If you’ve struggled with an addiction in the past, you might have had an impact your children. There are two ways that parents and other family members can impact younger generations with their addiction, and that is through genes and through behaviors. Yet, even if your children and the younger members of your family have been impacted in this way, there are ways that you can help others in your family avoid the struggles you’ve had with addiction.
Genetics and Addiction
First, according to research genetics plays a 50% role in whether addiction in children will develop. One study, for example, examined the role of addiction in sets of identical and fraternal pairs of twins. The study found that when one of the identical twins was addicted to alcohol, the other twin had a high probability of developing an addiction.
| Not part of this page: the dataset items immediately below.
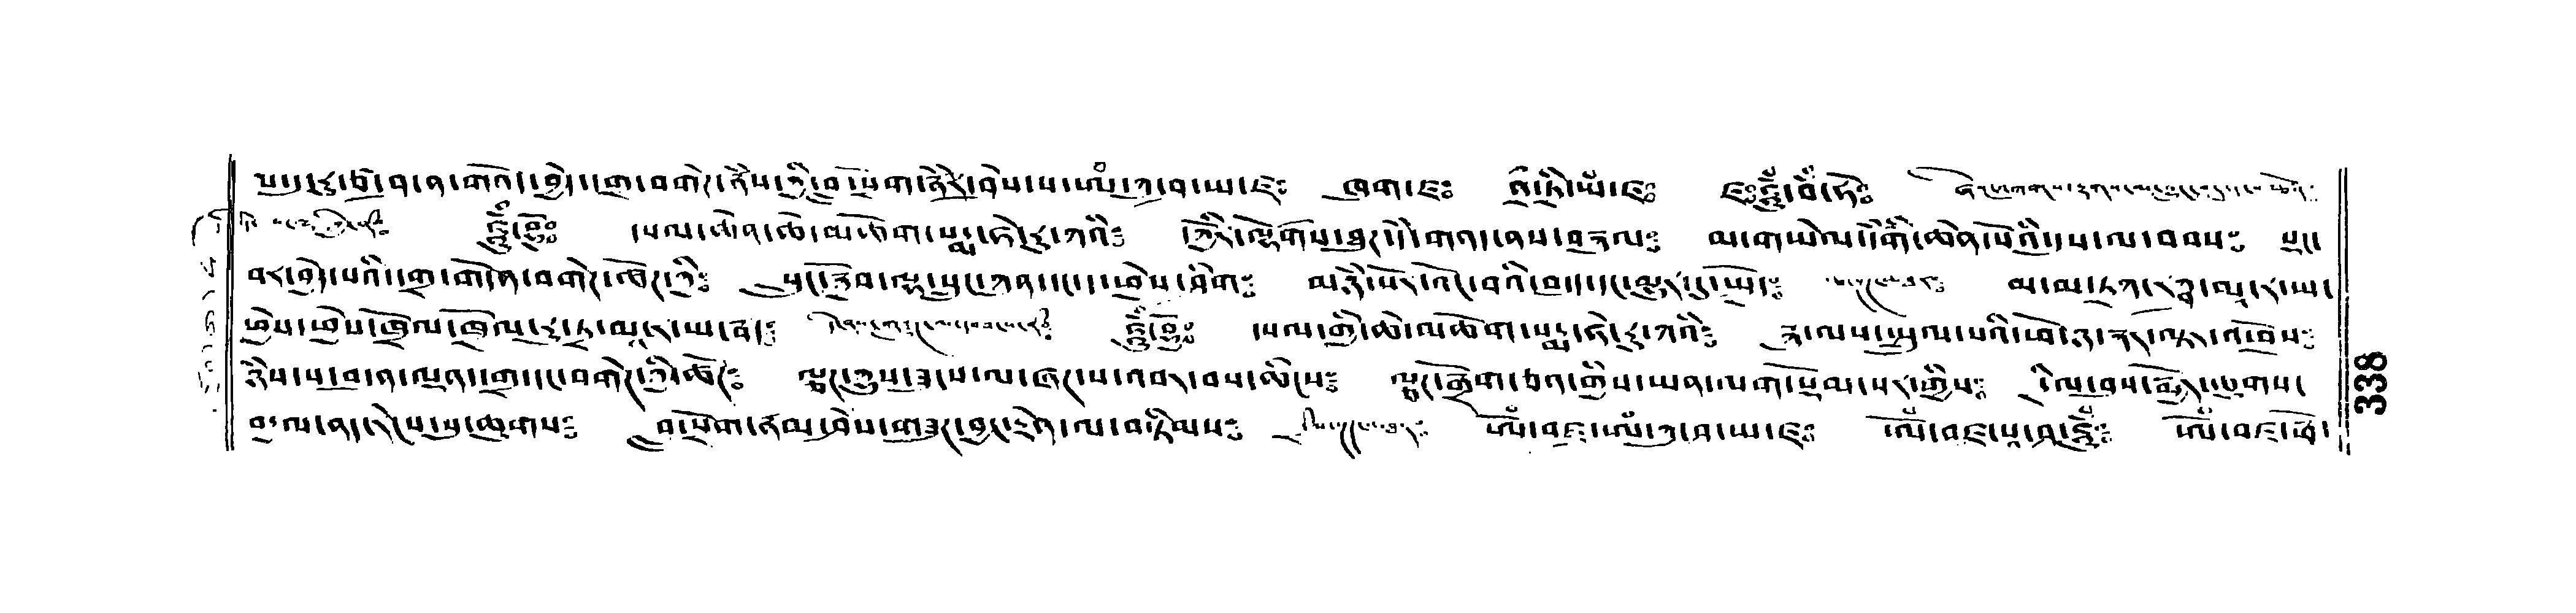མ་དུ་རུ་ཙ་ཤ་ན་གནོད་བྱེད་དགྲ་བགེགས་རྣམས་ཀྱི་བླ་སྲོག་རྣམ་པར་ཤེས་པ་ཨཾ་ཀུ་ཤ་ཡ་ཛཿ ཁུག་ཛཿ ནྲྀ་ཏྲི་ཡཾ་ཛཿ ཛཿཧཱུྃ་བྃ་ཧོཿ ཞེས་འགུགས་རྟགས་མ་བྱུང་བར་དུ་བརྩོནཿ 
དེ་ལས་ལྷ་དབྱེ་ནི༔ ཧཱུྃ་བྷྱོ༔ དཔལ་ཆེན་ཆེ་མཆོག་པདྨ་ཧེ་རུ་ཀའི༔ དཀྱིལ་འཁོར་ལྷ་ཚོགས་ཐུགས་དམ་གནད་ནས་བསྐུལ༔ མ་གཡེལ་དམ་ཚིག་ཆེན་པོའི་དུས་ལ་བབས༔ སྡང་
བར་བྱེད་པའི་དགྲ་གདོན་བགེགས་ཚོགས་ཀྱི༔སྲུང་སྐྱོབ་ལྷ་སྲུང་ཀུན་དང་ད་ཕྱེས་ཤིག༔ མཉམ་པོར་འོང་བའི་བདུད་དང་མྱུར་དུ་སྤྲོད༔ རྩ་སྔགས་མཐར༔ མ་མ་ཏྲཀ་རཀྵ་མཱ་ར་ཡ་
ཕྱེས་ཕྱེས་ཁྲོལ་ཁྲོལ་རུ་ཏྲ་མཱ་ར་ཡ་རྦད༔ དེ་ནས་གཟུགས་ལ་དབབ་པ་ནི༔ ཧཱུྃ་བྷྱོ༔ དཔལ་གྱི་ཆེ་མཆོག་པདྨ་ཧེ་རུ་ཀའི༔ སྐུ་ལས་སྤྲུལ་པའི་ཕོ་ཉ་སྐར་ལྟར་འཕྲོས༔ 
ཉམས་པ་བདུན་ལྡན་དགྲ་དང་བགེགས་ཀྱི་ཚོགས༔ ལྕགས་ཀྱུས་ཟུངས་ལ་ཞགས་པ་འབར་བས་ཆིངས༔ ལྕགས་སྒྲོག་ཅན་གྱིས་ཡན་ལག་སྡོམ་པར་གྱིས༔ དྲིལ་བུས་སྨྱོར་ཆུགས་
བརྒྱལ་ནས་རེངས་སུ་ཆུགས༔ བླ་སྲོག་རྣམ་ཤེས་གཟུགས་བྱང་རྟེན་ལ་བསྟིམས༔ དྲིལ་སྔགས་མཐར༔ ཨོཾ་བཛྲ་ཨཾ་ཀུ་ཤ་ཡ་ཛཿ ཨོཾ་བཛྲ་པཱ་ཤ་ཧཱུྃ༔ ཨོཾ་བཛྲ་སྥོ་

On the other hand, when one non-identical twin was addicted to alcohol, the other twin did not have a propensity of developing an addiction.
Other Causes of Addiction
It’s clear that genes can influence whether a person will be vulnerable to developing an addiction. But just because a family member has the genes for addiction doesn’t mean that they will develop it. For instance, if a person never touches a drink or drug in their life, then genetics won’t be a factor. Obviously, there are other factors that play a role. These factors include:
- environment
- lack of coping skills
- history of trauma
- mental illness
Genes do play a role in the presence of addiction in a family, but it doesn’t tell the whole story. Younger generations can also be impacted by living with others who have experienced addiction (the family environment), by the type of relationship that the family has to alcohol and drugs, and the use of any coping skills by family members when stressed.
For instance, research has found that children who are raised in families with addiction are 8 times more likely to develop an addiction. Other environments that can have an effect on someone include a drug-using college scene and an at-risk neighborhood, in which many individuals are using substances to cope.
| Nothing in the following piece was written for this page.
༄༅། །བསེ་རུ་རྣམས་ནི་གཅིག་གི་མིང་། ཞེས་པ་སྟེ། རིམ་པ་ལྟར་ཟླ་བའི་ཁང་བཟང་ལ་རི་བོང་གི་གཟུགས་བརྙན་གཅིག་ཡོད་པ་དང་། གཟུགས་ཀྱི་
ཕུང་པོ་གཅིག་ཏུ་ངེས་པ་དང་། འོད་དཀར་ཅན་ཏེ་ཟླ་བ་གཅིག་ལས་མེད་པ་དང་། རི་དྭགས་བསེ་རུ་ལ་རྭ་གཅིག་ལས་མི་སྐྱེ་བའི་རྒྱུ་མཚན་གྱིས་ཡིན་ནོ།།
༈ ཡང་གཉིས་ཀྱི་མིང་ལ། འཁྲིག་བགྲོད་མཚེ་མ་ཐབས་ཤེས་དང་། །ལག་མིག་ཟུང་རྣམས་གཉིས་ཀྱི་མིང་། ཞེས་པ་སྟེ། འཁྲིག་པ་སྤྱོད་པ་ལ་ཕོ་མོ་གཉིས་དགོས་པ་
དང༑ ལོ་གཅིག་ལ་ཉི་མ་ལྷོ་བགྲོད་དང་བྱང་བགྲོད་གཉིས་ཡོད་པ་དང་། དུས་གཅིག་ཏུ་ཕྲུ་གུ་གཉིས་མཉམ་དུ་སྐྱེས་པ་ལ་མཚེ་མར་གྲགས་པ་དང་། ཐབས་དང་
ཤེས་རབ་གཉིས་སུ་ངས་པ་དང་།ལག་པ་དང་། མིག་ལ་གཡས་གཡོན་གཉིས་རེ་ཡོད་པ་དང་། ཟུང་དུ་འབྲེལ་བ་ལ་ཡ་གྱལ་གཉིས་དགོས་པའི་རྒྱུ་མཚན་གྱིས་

Along these lines, a family with a lack of coping skills might also give way to addiction in one or more family members (especially if addiction is already present in the family). One of the most common contributors to addiction is that a person turns to drugs or alcohol as a means to cope and that they lack other coping tools to manage life’s stressors.
Steps to Prevent Addiction in Children
If you are hoping to stop the generational trend of addiction in your family, you can do that in three main ways:
- Encourage abstinence. You can’t stop genes from getting passed along in your family, but you can stop the addiction gene through abstinence. As mentioned above, even if someone has the genetic propensity for addiction, abstinence will stop those genes in their tracks. To help promote abstinence, talk to your children, and if appropriate, other family members about how to stay safe and sober through abstinence. You might also let them know that genes can play a 50% role in whether or not a person develops an addiction.
- Teach your family members healthy ways to cope with stress. Patterns of facing life’s demands are passed on through generations. Some families have many healthy habits they live by such as getting enough sleep at night, eating well, and exercising often. Other families might use other coping tools, such as supporting one another through tough times or regularly going to church as a means to connect with a higher power. Whatever those coping tools are, it’s important that each member of the family has some. And it’s equally important that the adults in the family are modeling the use of coping tools for the younger generation. What children and teens see their parents doing, they are likely to adopt themselves when they are adults.
- Talk about your family history. Because addiction tends to run in the family, you might have an uncle, aunt, or parent who has struggled with addiction, or still does. When addiction is the secret of the family that no one is talking about, it can continue to breed in that secrecy. Yet, if you are talking about addiction openly and discussing the dangers of substance use, then your children and others can make an educated decision about substance use when faced with it in their lives.
If you’re a recovering addict and you want to avoid the development of addiction in your family, the three suggestions above are key ways to keep addiction in children at bay.